A lo largo de los últimos 30 años, México se convirtió en una de las economías más abiertas del mundo. El comercio supera 80 por ciento del Producto Interno Bruto: millones de empleos mexicanos dependen de un sector de exportación en auge que abarca autopartes, motores de aeronaves, dispositivos médicos, pantallas de televisor, productos agrícolas, y mucho más. Según McKinsey Global Institute, estos sectores con impacto internacional son los más productivos y representan una sólida base para empleos de mayor remuneración y crecimiento económico a más largo plazo.
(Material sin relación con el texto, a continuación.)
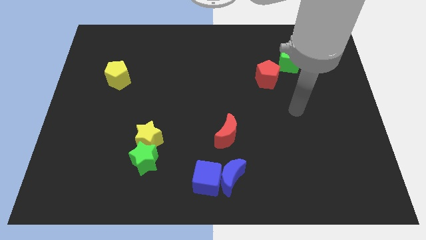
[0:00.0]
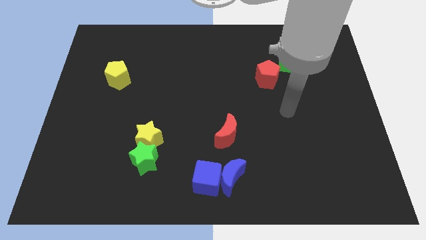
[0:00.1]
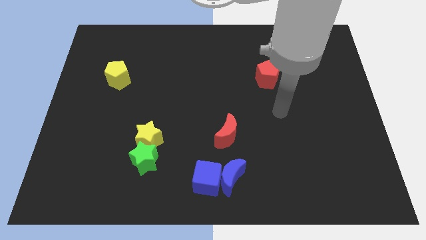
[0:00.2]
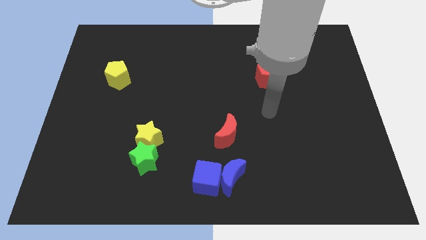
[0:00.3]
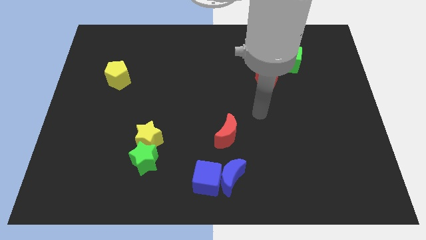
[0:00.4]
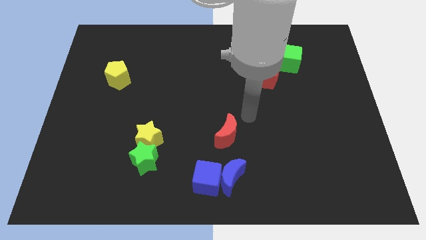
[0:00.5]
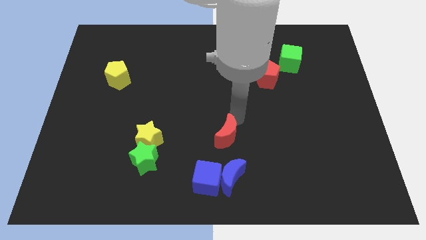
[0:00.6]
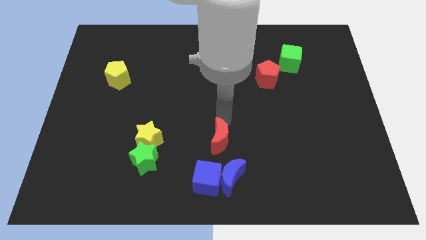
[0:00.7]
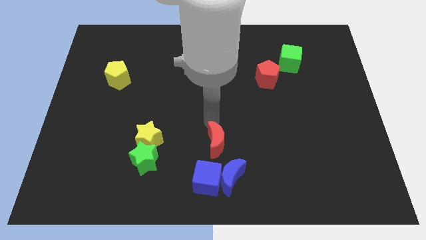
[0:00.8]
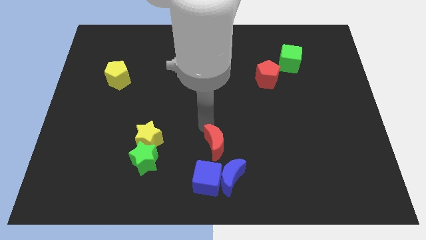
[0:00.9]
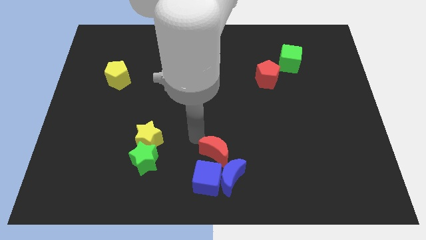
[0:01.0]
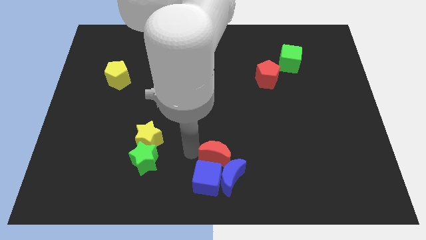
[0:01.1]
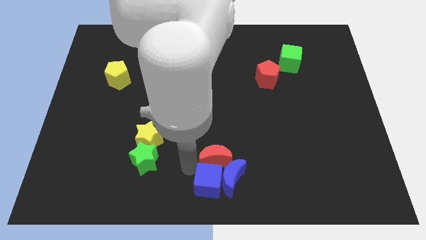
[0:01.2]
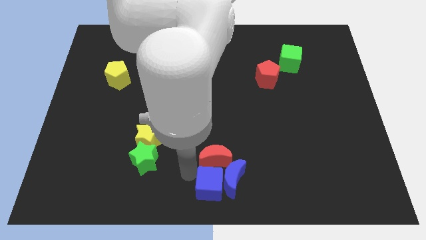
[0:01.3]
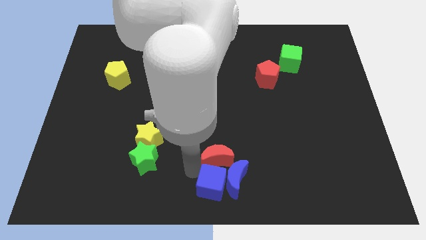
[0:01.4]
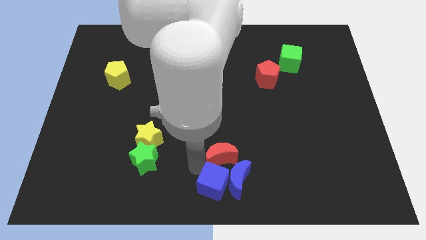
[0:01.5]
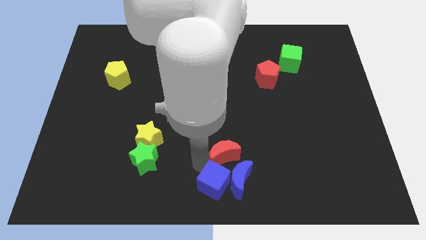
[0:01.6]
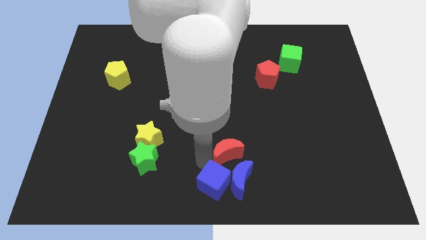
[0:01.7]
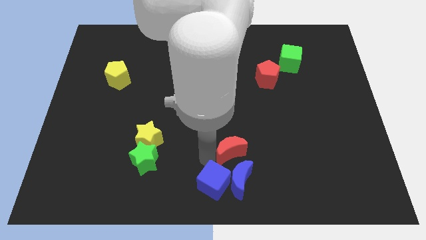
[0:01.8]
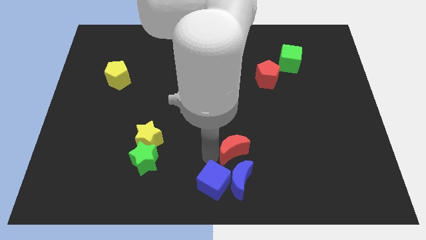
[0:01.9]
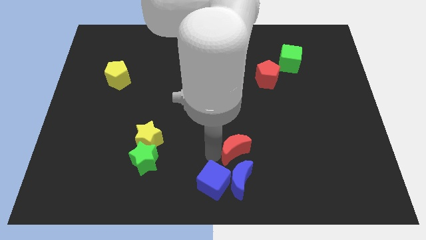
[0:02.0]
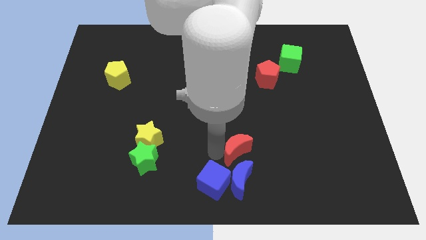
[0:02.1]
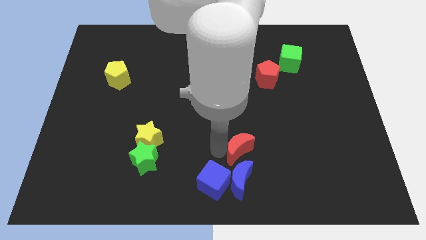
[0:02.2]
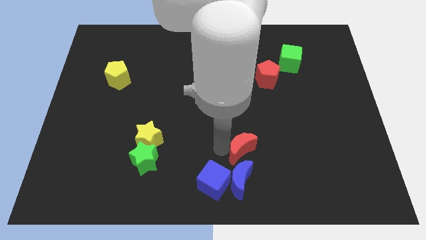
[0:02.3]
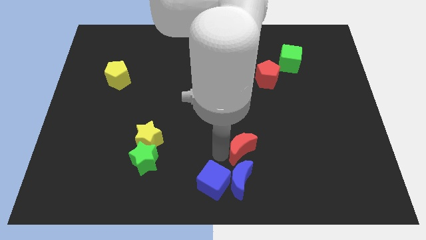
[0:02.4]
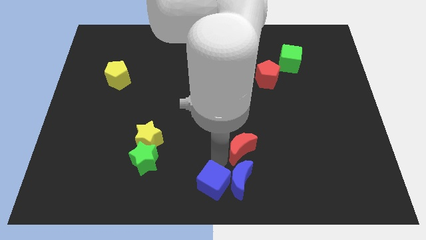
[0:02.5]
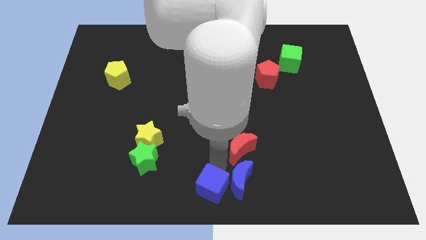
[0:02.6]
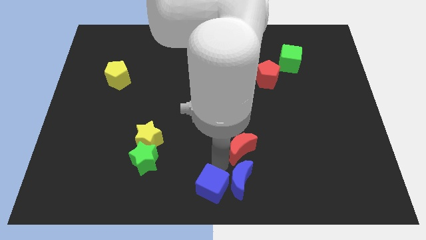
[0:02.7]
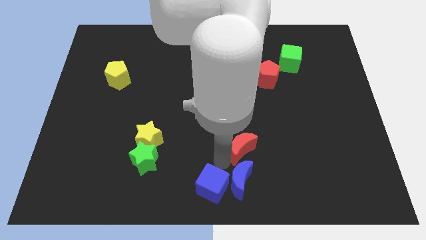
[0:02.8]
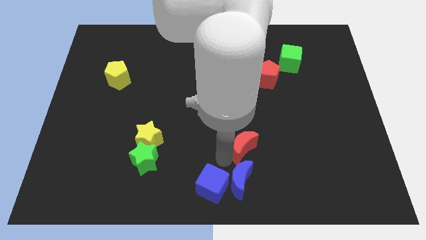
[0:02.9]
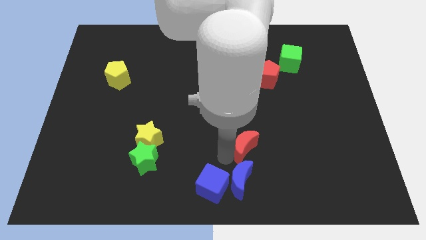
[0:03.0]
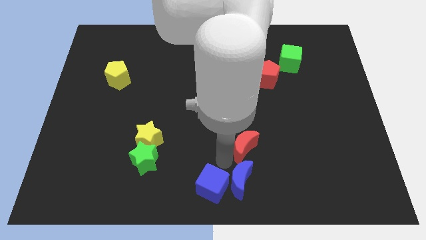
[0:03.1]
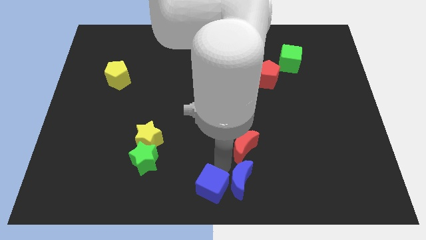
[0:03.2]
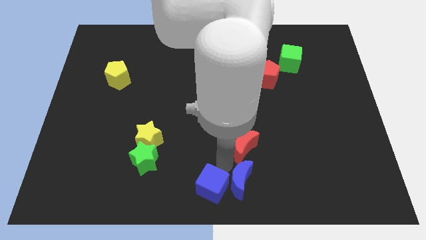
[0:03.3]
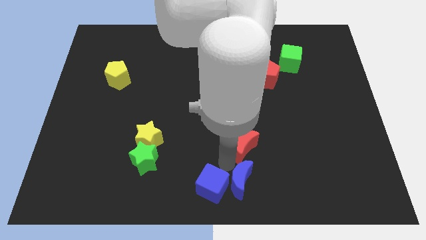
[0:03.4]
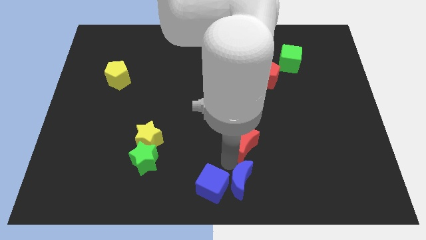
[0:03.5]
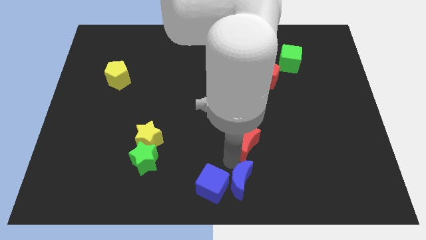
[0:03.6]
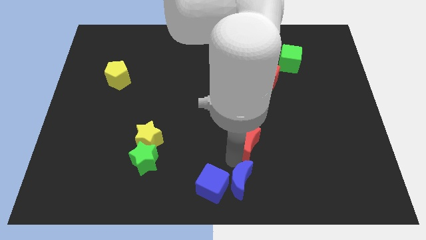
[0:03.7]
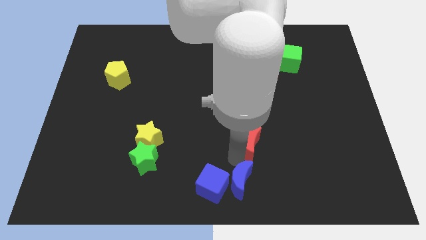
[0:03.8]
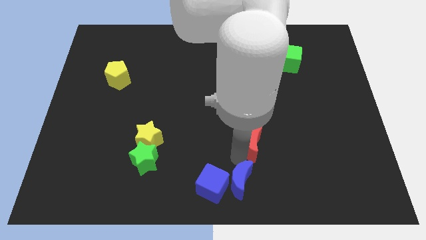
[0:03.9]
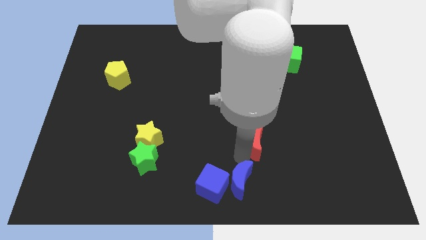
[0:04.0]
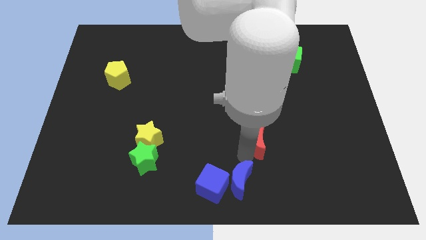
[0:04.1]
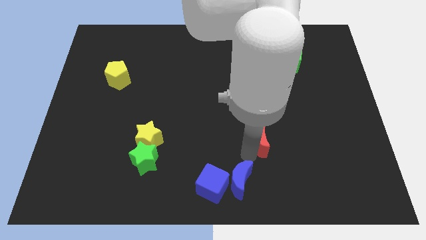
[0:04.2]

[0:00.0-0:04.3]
slide the red moon slightly to the right

Más de medio billón de dólares de Inversión Extranjera Directa ha llegado a la nación en las últimas dos décadas, permitiendo construir una base manufacturera competitiva a nivel global y, más recientemente, una estabilización y modernización del debilitado sector energético.

La liquidez del peso ha facilitado esto con un flujo transfronterizo de más de 100 mil millones de dólares diarios. La mitad de la población mexicana indica que tiene familia en el exterior, principalmente en Estados Unidos. Desde el ciudadano común hasta la élite, desde sitios de construcción hasta granjas, la migración ha atraído al humilde y al pudiente de México, a sus empresarios y a su gente en dificultad. Estos 12 millones de mexicanos, 10 por ciento de la población, envían remesas, unos 40 mil millones de dólares en 2019, que representan un sustento para familias y comunidades en casa.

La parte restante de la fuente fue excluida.